(Dataset entries)
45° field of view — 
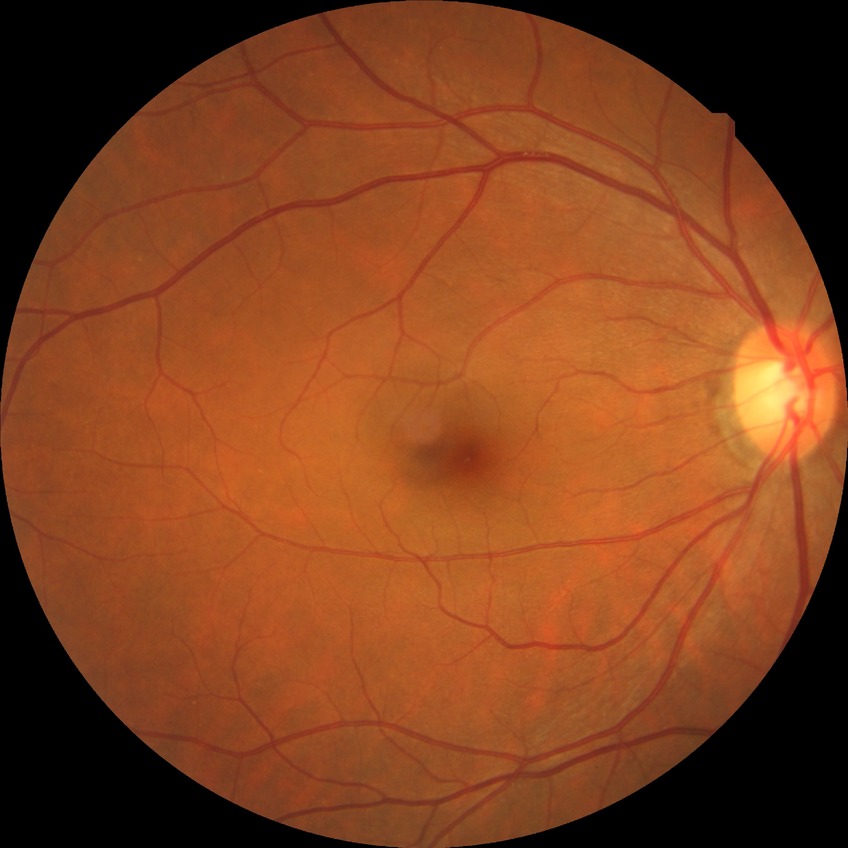 Diabetic retinopathy severity: no diabetic retinopathy.
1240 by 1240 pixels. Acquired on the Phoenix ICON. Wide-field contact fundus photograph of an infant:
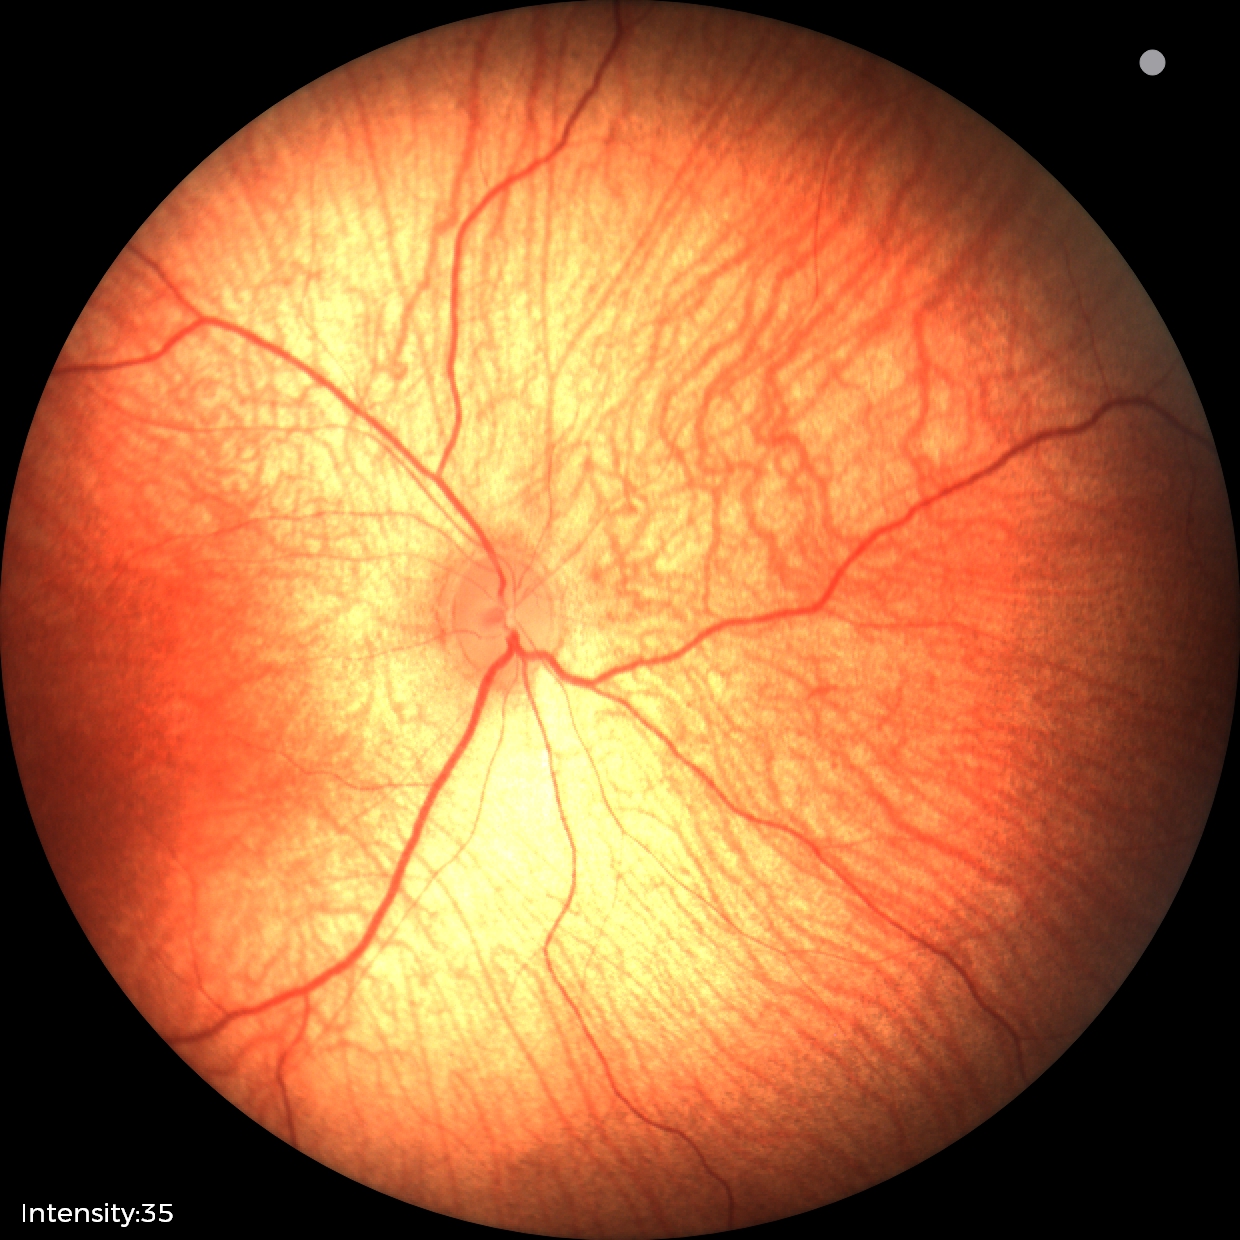

Screening examination with no abnormal retinal findings.
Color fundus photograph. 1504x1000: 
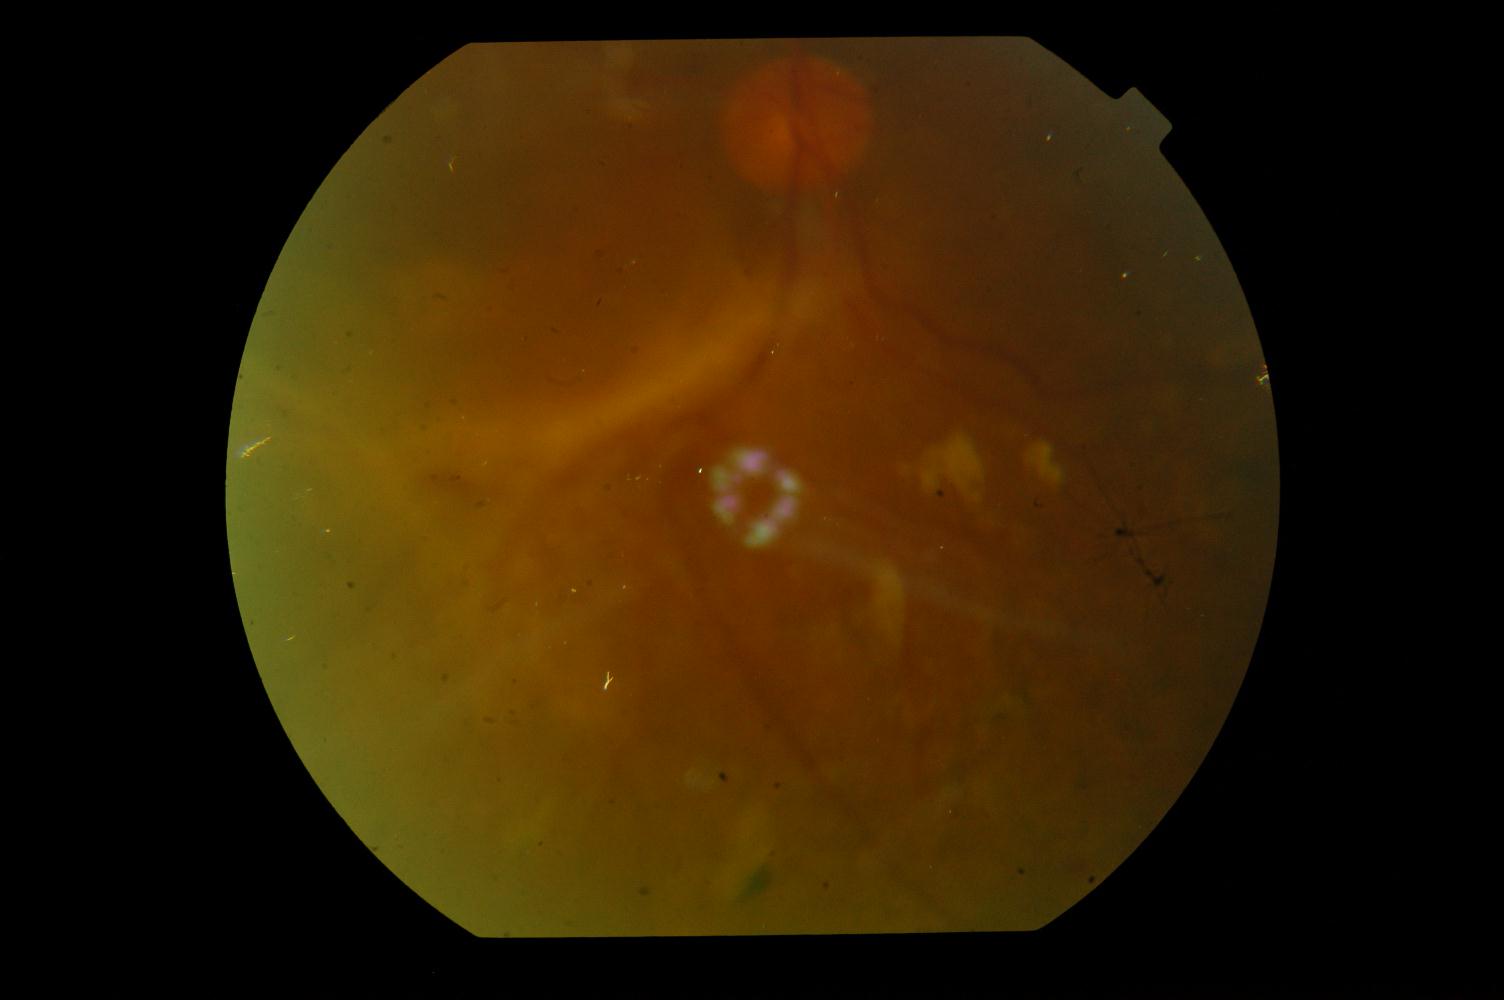

Demonstrates diabetic retinopathy.

→ **Exercise**:
When you copy the records above, keep every word exact and leave out the pictures they contain.

→ **Response to this exercise**:
45° field of view — 
 Diabetic retinopathy severity: no diabetic retinopathy.
1240 by 1240 pixels. Acquired on the Phoenix ICON. Wide-field contact fundus photograph of an infant:

Screening examination with no abnormal retinal findings.
Color fundus photograph. 1504x1000: 

Demonstrates diabetic retinopathy.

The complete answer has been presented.